Wirtschaftlich gesehen könnte es sich für den Besitzer eines großen Fußballclubs durchaus auszahlen, seiner Mannschaft mal eine Niederlagenserie zu verordnen, um das Interesse an einer langweiligen Bundesliga zu erhöhen und damit mittelfristig auch seine Einnahmen.

Was passiert mit leeren Flaschen?

So droht die sportlichen Ethik, mal allgemein mit Fairneß umschrieben, weitgehend den Jordan herunterzugehen. Im schlimmsten Fall wird ein Fußballkartell aus einigen wenigen erlesenen Fußball-AGs aus den klassischen Ländern dieses Sports den Markt unter sich aufteilen.
Ein Beispiel hierfür war die Diskussion um "wild cards" für besonders "verdienstvollen Clubs" AC Mailand und Borussia Dortmund für den UEFA-Cup. Beide Clubs sind berühmt, beide müssen einen teuren Spielerkader finanzieren, und beide hatten durch überraschend klägliche Leistungen den UEFA-Pokal weit verfehlt. "Wild cards" mögen in Individualsportarten wie Tennis ihre Berechtigung haben, wo Weltranglisten nicht immer die genaue Leistungsfähigkeit widerspiegeln (etwa nach Verletzungen von Top-Spielern). Im Fußball sind "wild cards" ungerecht und eine wettbewerbsverzerrend.
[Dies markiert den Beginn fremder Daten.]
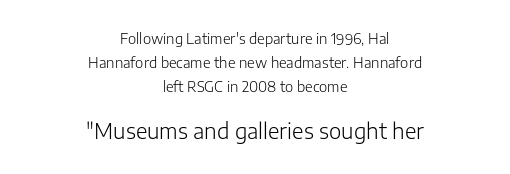
{"italic": "no", "bold": "no", "underline": "no", "align": "center", "line_spacing": "normal", "line_spacing_ratio": 1.7, "letter_spacing": "normal", "letter_spacing_em": 0.0, "larger_block": "second", "size_ratio": 1.5, "glyph_px": 21}
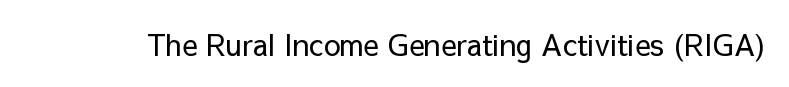
Does the lettering tilt? It doesn't — this is upright. Here the designer chose a conventional face with non-uniform glyph widths. Unmarked baselines from the first word to the last. Look at the tracking — it's just the regular setting, nothing added.
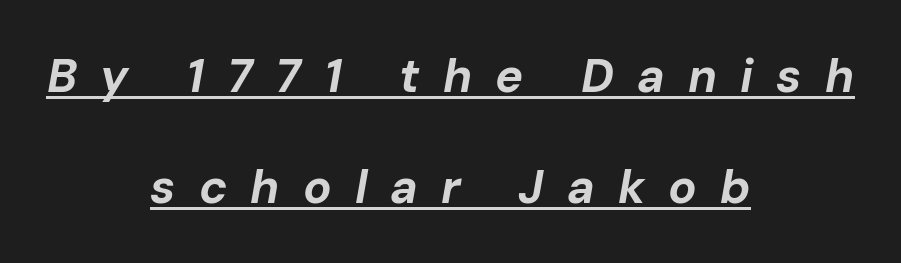
The lines are quadded center. Varying glyph widths throughout — classic text-font behaviour. Summary of weight: heavy, a full bold. Honestly, the rows look like they've been pulled way apart. Characters follow at a spacing far wider than the type designer built in.
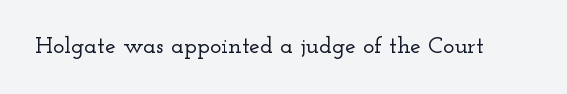
{"italic": "no", "underline": "no", "letter_spacing": "normal", "letter_spacing_em": 0.0, "glyph_px": 24}
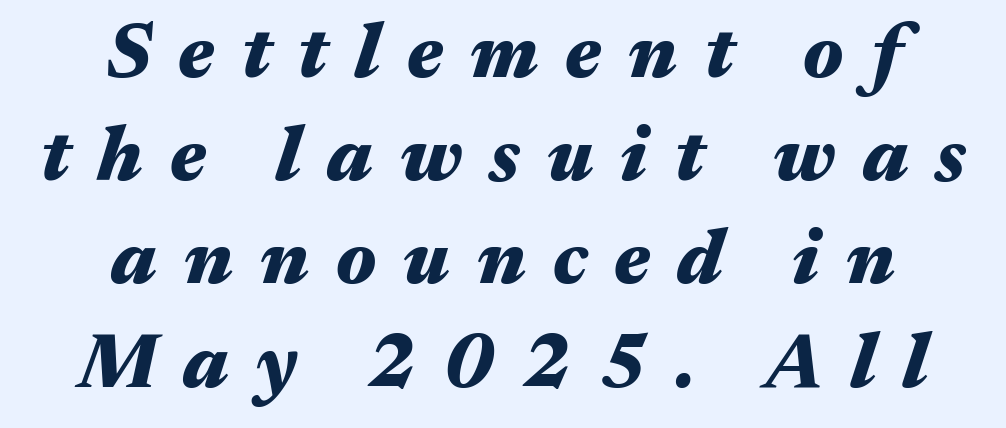
A clean baseline with only descenders dipping below it. Does the weight exceed regular? Yes, all the way to bold. This sample has the flowing, uneven cadence of proportional lettering. Substantial extra tracking has been applied to these lines. Regarding leading, the lines here are spaced in the standard way.
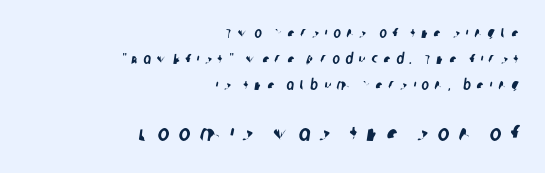
The image shows 22 px text type; set right-aligned, line spacing 1.86x, unusually wide letter spacing (+0.42 em), not underlined; the second (bottom) block is 1.57x larger.
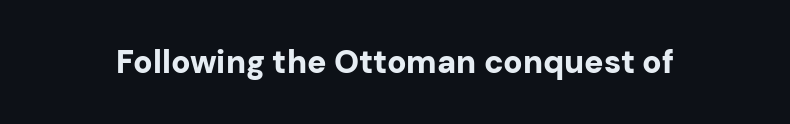
Do the characters align in a grid? No, the font is proportional. The strokes are fattened all the way to bold. The specimen omits any rule beneath the text block's lines. Words appear dense and cohesive because spacing is normal.
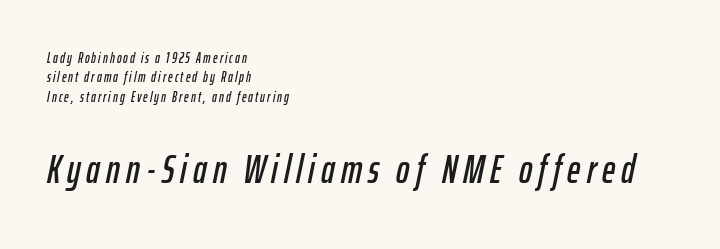
Q: Is the text italic (slanted)? A: Yes, it leans right by about 12 degrees.
Q: Is the text underlined? A: No.
Q: How is the paragraph aligned? A: Left-aligned.
Q: Is the spacing between lines tight, normal or loose? A: Normal.
Q: Which block of text is set in a larger size, the first (top) or the second (bottom)? A: The second (bottom) one.
Q: Width (condensed, normal, or wide)? A: Condensed.
Q: Stroke contrast? A: Low.
Q: x-height? A: Medium.
Q: Monospaced? A: No.

Die "wild card"-Idee war ein Befreiungsschlag der UEFA, um die Großclubs zu besänftigen, die sich selbständig zu machen drohen. Die Planungen für eine europäische Super-Liga, unabhängig von der UEFA, die die "Champions League" ersetzen soll, sind schon weit fortgeschritten. Die UEFA wird den Großklubs sehr weit entgegenkommen müssen, um selber im Geschäft zu bleiben.
Auf der Strecke bleibt aber in jedem Fall der Fan. Es werden in Zukunft immer öfter dieselben "namhaften" Mannschaften gegeneinander spielen, die "Solidarität" zwischen den wenigen reichen und den vielen mittleren Klubs wird weitgehend aufgegeben. Langeweile wird einkehren, von servilen Journalisten mühsam bekämpft.
Auch wird man versuchen, nicht werbewirksame Klubs möglichst weitgehend aus dem europäischen Fußball zu verbannen. Die "Champions League", die ihren Namen ja vollkommen zu Unrecht trägt, ist ein Vorgeschmack.
Nationalmannschaften: Relikte?
In diesem Zusammenhang muß man auch die derzeitige Diskussion um die Nationalmannschaft sehen. Aus der Sicht der Fußballmanager von heute sind Nationalmannschaften Relikte vergangener Zeiten. Sie passen nicht recht in die wirtschaftliche Logik. Sie absorbieren viel zu viel Zeit, sie stellen Risikofaktoren für die abgestellten, hochbezahlten Nationalspieler dar, und sie stehlen den Vereinen noch immer die Schau.
Es wäre schade, wenn die populärste deutsche Sportart durch die Gier von Managern, Präsidenten, Spielern und nicht zuletzt Medienunternehmen Schaden nehmen würde. Zwar ist der Fußball auch heute schon massiv kommerzialisiert, aber weitgehend funktioniert die Bundesliga noch nach den Regeln des Sports. Sollten die Beteiligten (oft ehemalige Spieler, "Kaiser" gar) dies vergessen, werden die Aussichten nicht nur für die Fans trübe.